Wrong!
right up to Pearl Harbor there was a significant debate in the US about which side in europe was 'right' and what we should or should not do about it.
There was ZERO consensus right up until germany's ally bombed our obsolete navy, in a semi-colonial anchorage, and pissed off most of the American public.
Oh, and it took half of a year before we were even able to assume command of the AVG, there were no troops standing ready to invade anything, we'd have taken months to provide support to the Brits in any event..."before Hitler could blink..." does not even equate.
Of course behind the scenes we were providing lend-lease support (practically illegal in constitutional terms) to Russia and England. We were interdicting Japanese shipping, which was in a very real sense an act of war. Plenty of Americans understood what was coming and what we'd have to do about it. Much as has been the case today, the isolationists and pacifists were slow learners.
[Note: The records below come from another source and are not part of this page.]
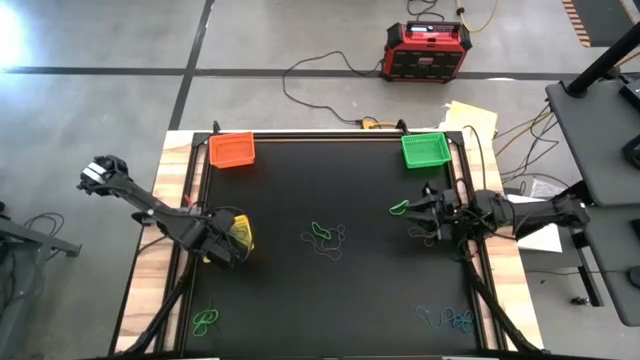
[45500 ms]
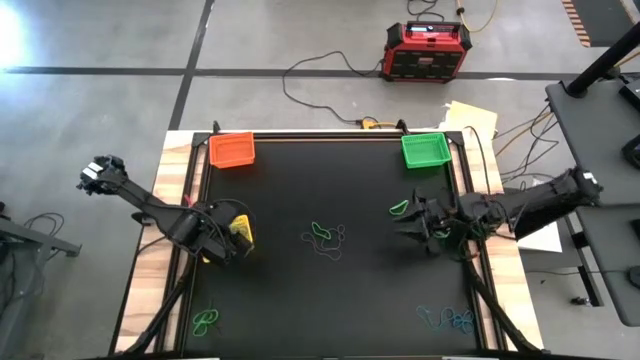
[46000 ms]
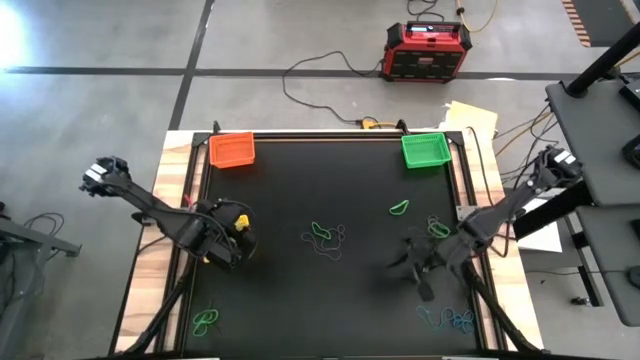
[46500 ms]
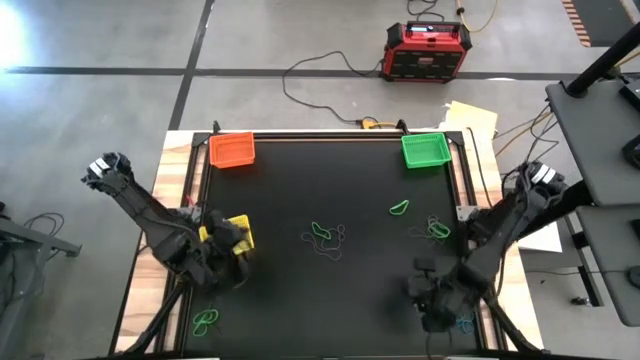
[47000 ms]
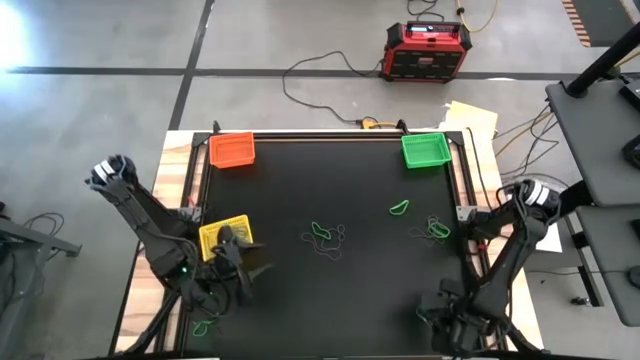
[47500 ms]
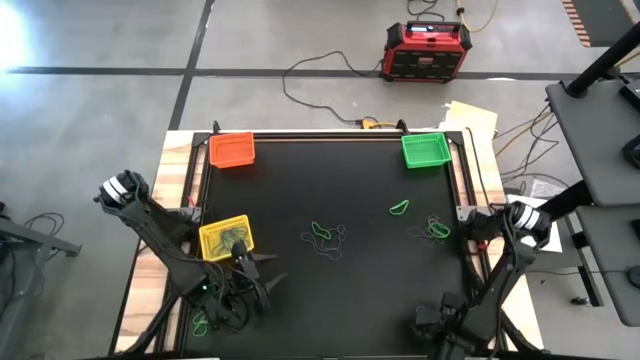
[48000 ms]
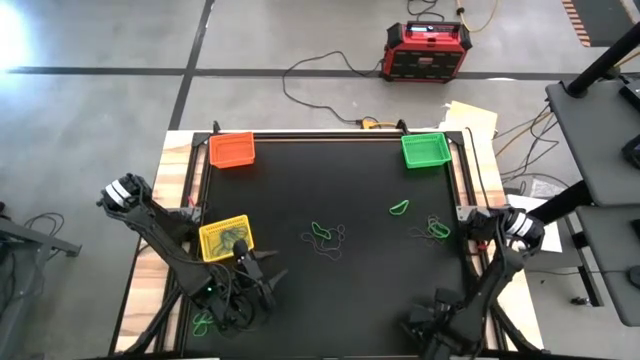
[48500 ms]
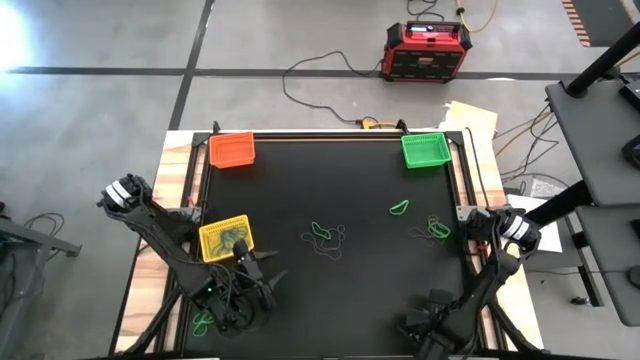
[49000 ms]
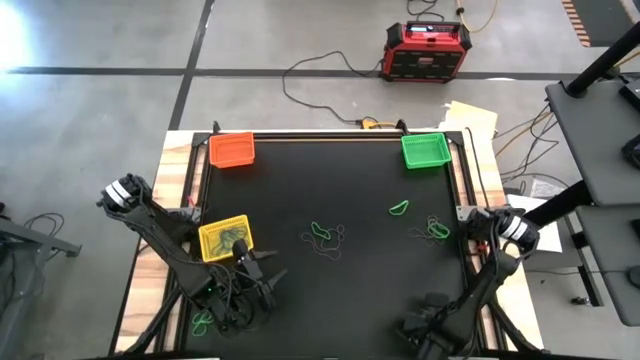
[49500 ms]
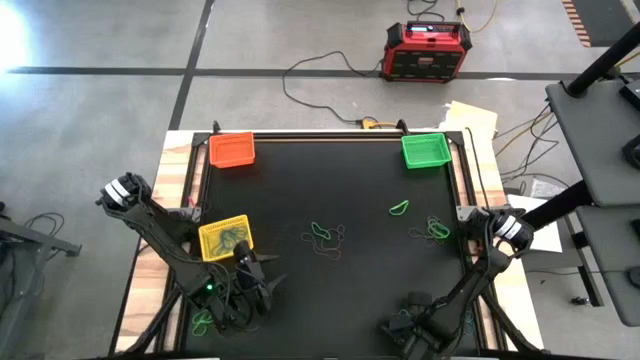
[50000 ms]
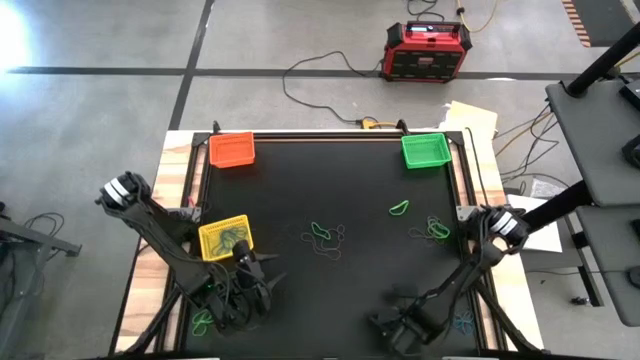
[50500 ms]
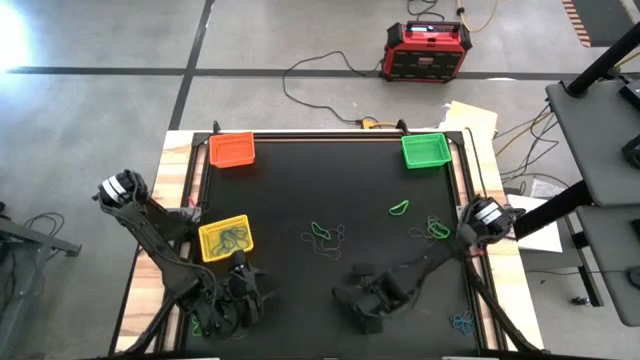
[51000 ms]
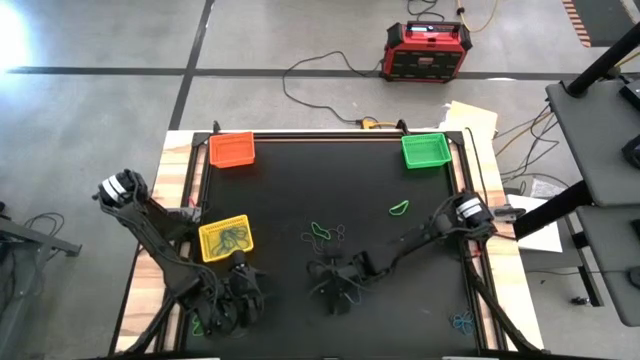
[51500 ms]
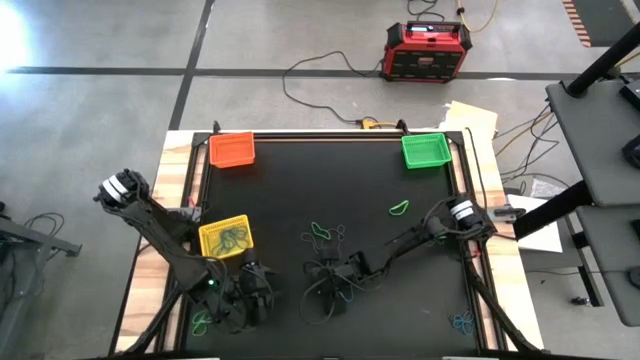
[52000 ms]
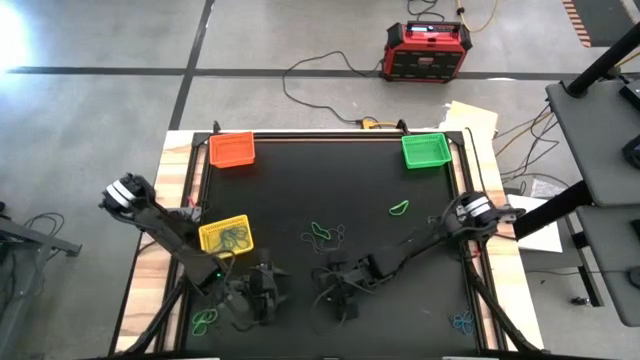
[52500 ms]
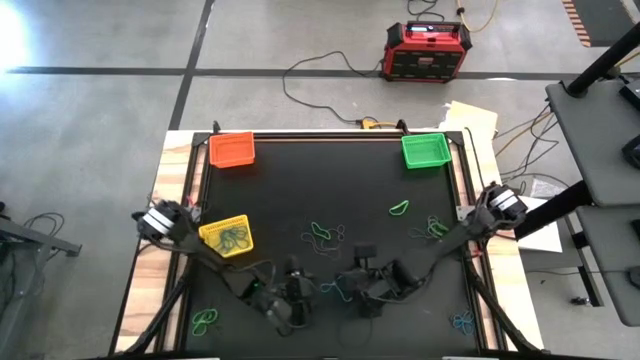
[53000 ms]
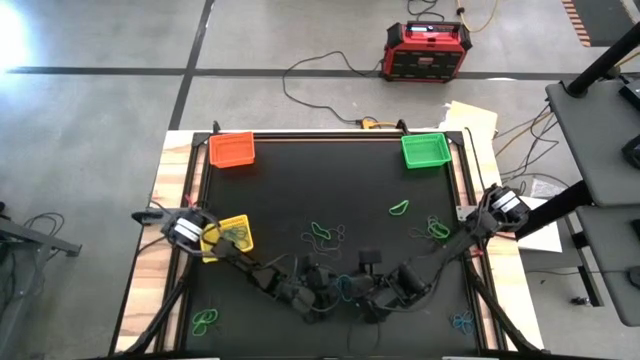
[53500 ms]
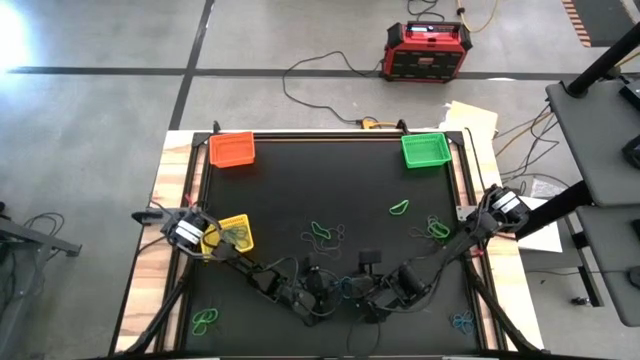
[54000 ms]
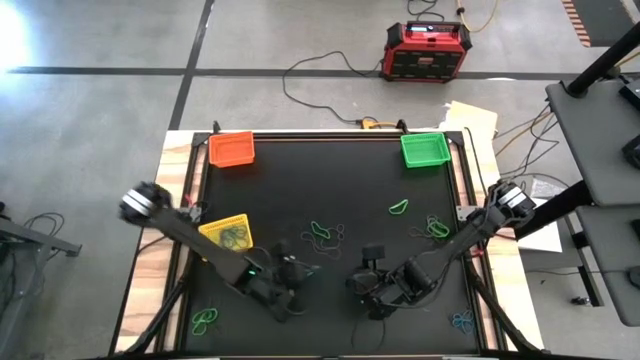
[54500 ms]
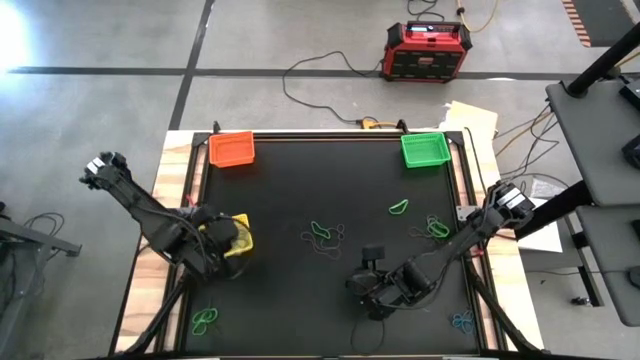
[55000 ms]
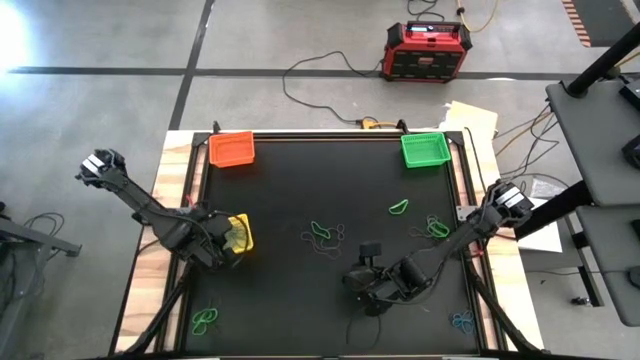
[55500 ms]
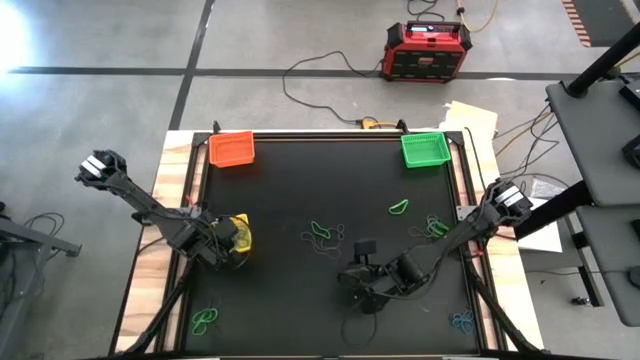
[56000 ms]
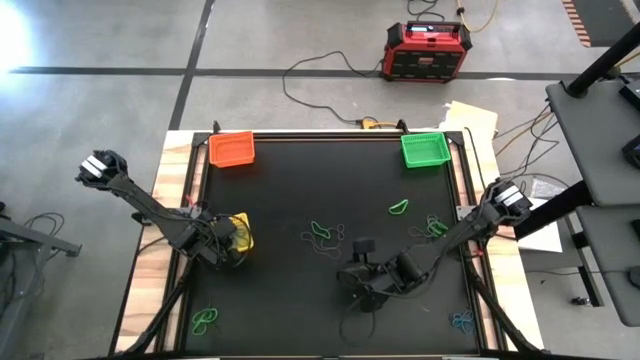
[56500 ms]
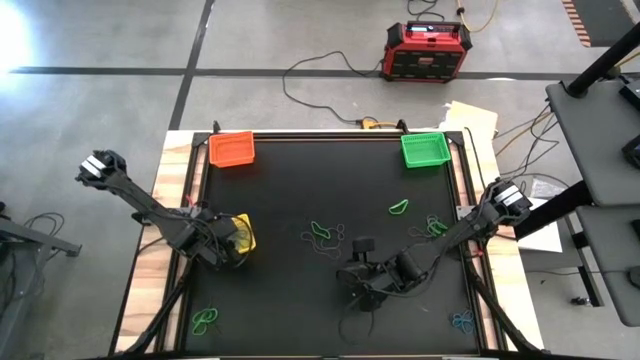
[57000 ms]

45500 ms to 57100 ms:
Task: Sort rubber bands into baskets
Put the blue rubber band into the yellow bin

You say that as if it was fact, it's all a matter of speculation. In my opinion if Britain had been invaded the US would have significantly stepped up it's presence in the North Atlantic, perhaps sending large numbers of troops to either Iceland or Ireland or both. I'm not debating the pacifist movement existed in the US, only that the Roosevelt administration, for all its faults clearly understood the dangers of Hitler and fascism and would have taken appropriate steps to deal with it.